# My laptop killed 2 External HDDs



## daksham (Aug 11, 2015)

I have a sony T-Series which has two USB ports one USB 3.0 and a USB 2.0 port... the usb 3.0 port is a bit damged i.e. the blue plastic support came out bt i pushed it back in... i had a WD Elements which worked perfectly fine and i remember connecting it to the USB 3.0 port bt it didnt detect though i got the light... then i plugged it in USB 2.0 it worked so i backed up data on it bt then after a clean install of OS i again plugged it in the USB 3.0 port and it didnt detect neither in the USB 2.0 port then an expert found out the head was stuck so he copied data to another drive of TOURO make and he too plugged it in the USB 3.0 and no detection and then in USB 2.0 without detection... his HDD head also got stuck and remember that the light on both of them was on and the WD elements was just a day old... I have a Seagate too shld i plug it in??


----------



## kARTechnology (Aug 11, 2015)

daksham said:


> I have a sony T-Series which has two USB ports one USB 3.0 and a USB 2.0 port... the usb 3.0 port is a bit damged i.e. the blue plastic support came out bt i pushed it back in... i had a WD Elements which worked perfectly fine and i remember connecting it to the USB 3.0 port bt it didnt detect though i got the light... then i plugged it in USB 2.0 it worked so i backed up data on it bt then after a clean install of OS i again plugged it in the USB 3.0 port and it didnt detect neither in the USB 2.0 port then an expert found out the head was stuck so he copied data to another drive of TOURO make and he too plugged it in the USB 3.0 and no detection and then in USB 2.0 without detection... his HDD head also got stuck and remember that the light on both of them was on and the WD elements was just a day old... I have a Seagate too shld i plug it in??


*
so your 1 day old hdd died? then the hdd is faulty.*

laptop cannot kill your hdd's. God can. and the way you handle the external HDD's can.

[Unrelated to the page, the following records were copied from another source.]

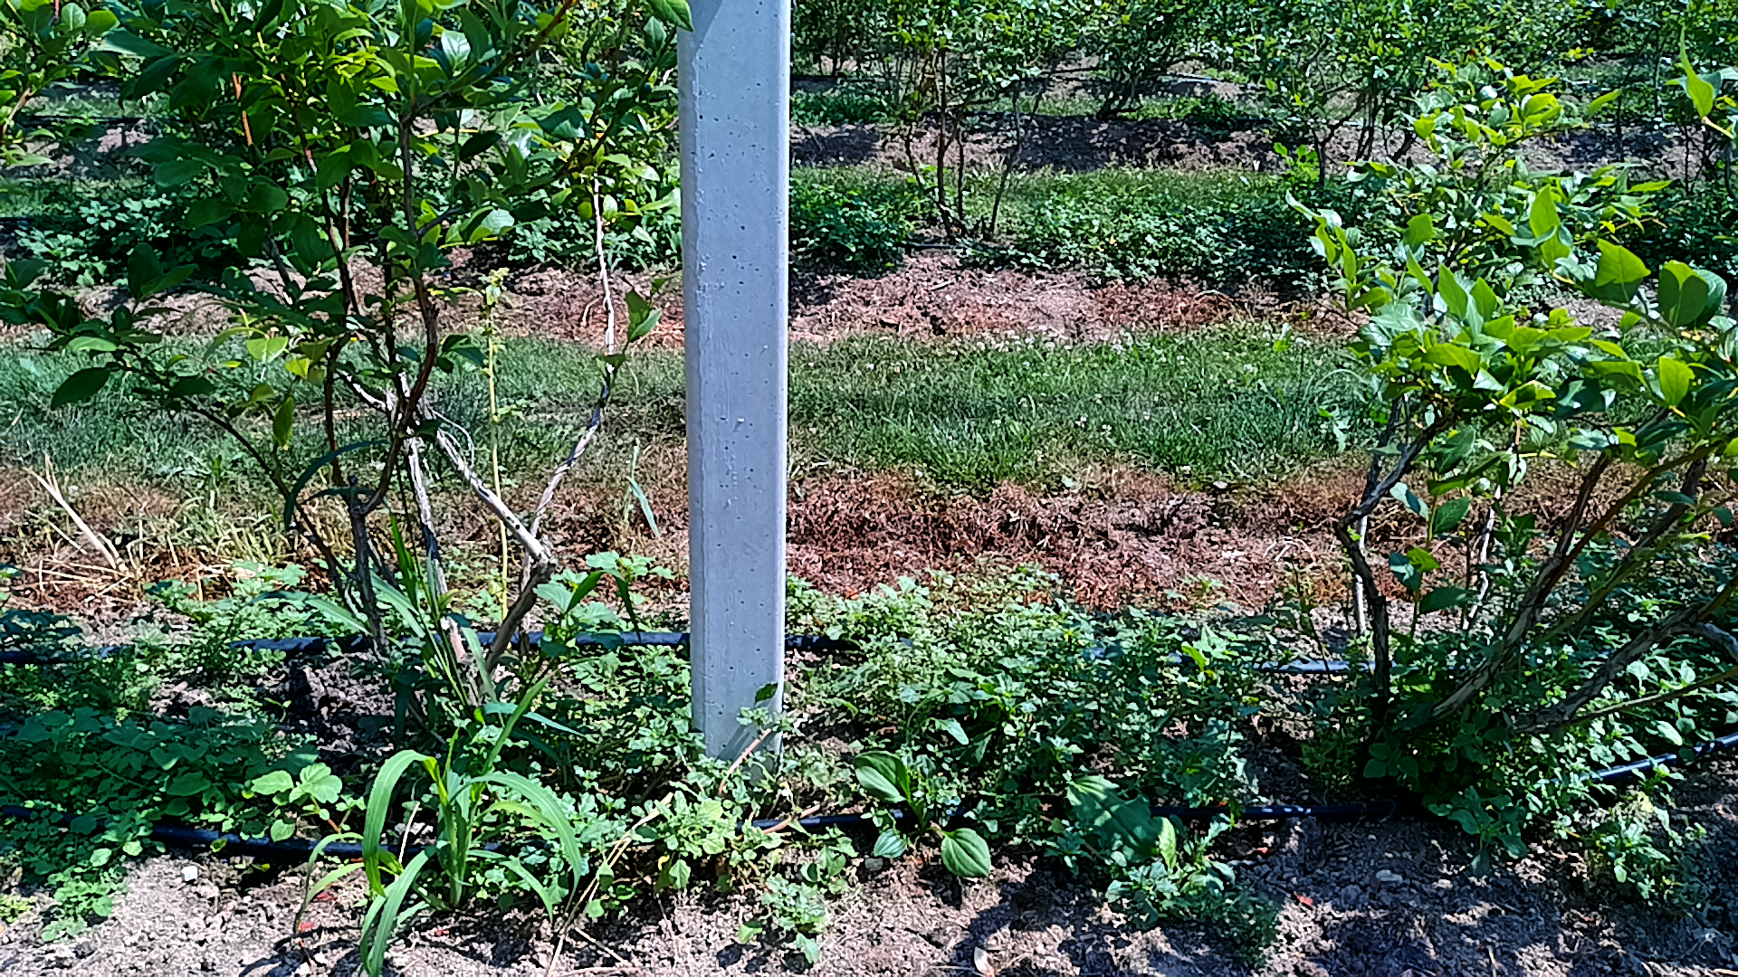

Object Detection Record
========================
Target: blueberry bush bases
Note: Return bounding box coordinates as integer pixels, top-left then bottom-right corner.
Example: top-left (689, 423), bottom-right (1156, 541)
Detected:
top-left (235, 423), bottom-right (625, 788)
top-left (1243, 390), bottom-right (1670, 880)
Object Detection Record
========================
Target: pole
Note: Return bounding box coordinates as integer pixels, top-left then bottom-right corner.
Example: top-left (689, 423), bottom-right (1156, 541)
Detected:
top-left (661, 1), bottom-right (810, 818)

if the usb 3.0 port was bad and you fixed it, try to use your smartphone to move data to and from the phone and see if the phone charges and the computer can detect it.

when head was stuck how did the expert copy the data? how are you concluding the hdd's head got stuck?


----------



## Gollum (Aug 12, 2015)

daksham said:


> I have a sony T-Series which has two USB ports one USB 3.0 and a USB 2.0 port... the usb 3.0 port is a bit damged i.e. the blue plastic support came out bt i pushed it back in... i had a WD Elements which worked perfectly fine and i remember connecting it to the USB 3.0 port bt it didnt detect though i got the light... then i plugged it in USB 2.0 it worked so i backed up data on it bt then after a clean install of OS i again plugged it in the USB 3.0 port and it didnt detect neither in the USB 2.0 port then an expert found out the head was stuck so he copied data to another drive of TOURO make and he too plugged it in the USB 3.0 and no detection and then in USB 2.0 without detection... his HDD head also got stuck and remember that the light on both of them was on and the WD elements was just a day old... I have a Seagate too shld i plug it in??



Dont connect it to that USB port.
If the HDD fails to detect completely, like in device manager aswell.
Its electrical circuit is fried.
the head can't go faulty like that.

try your HDD on another PC and see if you can get the HDD to detect.


----------



## daksham (Aug 12, 2015)

Gollum said:


> Dont connect it to that USB port.
> If the HDD fails to detect completely, like in device manager aswell.
> Its electrical circuit is fried.
> the head can't go faulty like that.
> ...



Yup the circuit or something also had a problem i paid 3000 bucks for the data recovery but HDD wasn't working... Flash drives work perfectly but the rate of a charging for my iphone 5s was extremely slow so i think there is a problem with power from the USB Port as it is a bit damaged...


----------



## Gollum (Aug 12, 2015)

daksham said:


> Yup the circuit or something also had a problem i paid 3000 bucks for the data recovery but HDD wasn't working... Flash drives work perfectly but the rate of a charging for my iphone 5s was extremely slow so i think there is a problem with power from the USB Port as it is a bit damaged...



Dont use it man. Just buy a USB hub (a good one) and use your devices with it.


----------



## ankitj1611 (Aug 12, 2015)

some sort of this thing was also happened with me around 2 years ago.I had Buffalo 500Gb usb 2.0.I plugged it in my desktop...desktop disconnected it and again connected.this happened 2-3 times and hdd was crashed...I plugged it in my laptop there was grinding noise in hdd.

It was my Good luck hdd was in warranty.Buffalo sent me new USB 3.0  HDD sealed pack


----------



## Lincon_WD (Aug 12, 2015)

Hi daksham,

Did you check the drive in device manager and Disk management?

Does the power light still on when you try to connect?

Does it  make a clicking or grinding noise when you turn it on? 

Normally the heads only get stuck if the hard drive receives a strong blow from above or, with a little bad luck.

However, fluctuating voltage output from the power source (like your USB port) can also affect the circuit board of the external HDD, which in turn will affect the HDD itself.

My advice, like the others here, is to try your last HDD out with a powered USB hub (not a normal one). This may work around the problem of your faulty USB ports power. It's still a risky move, but might lessen the risk a bit.

Hope it helps.


----------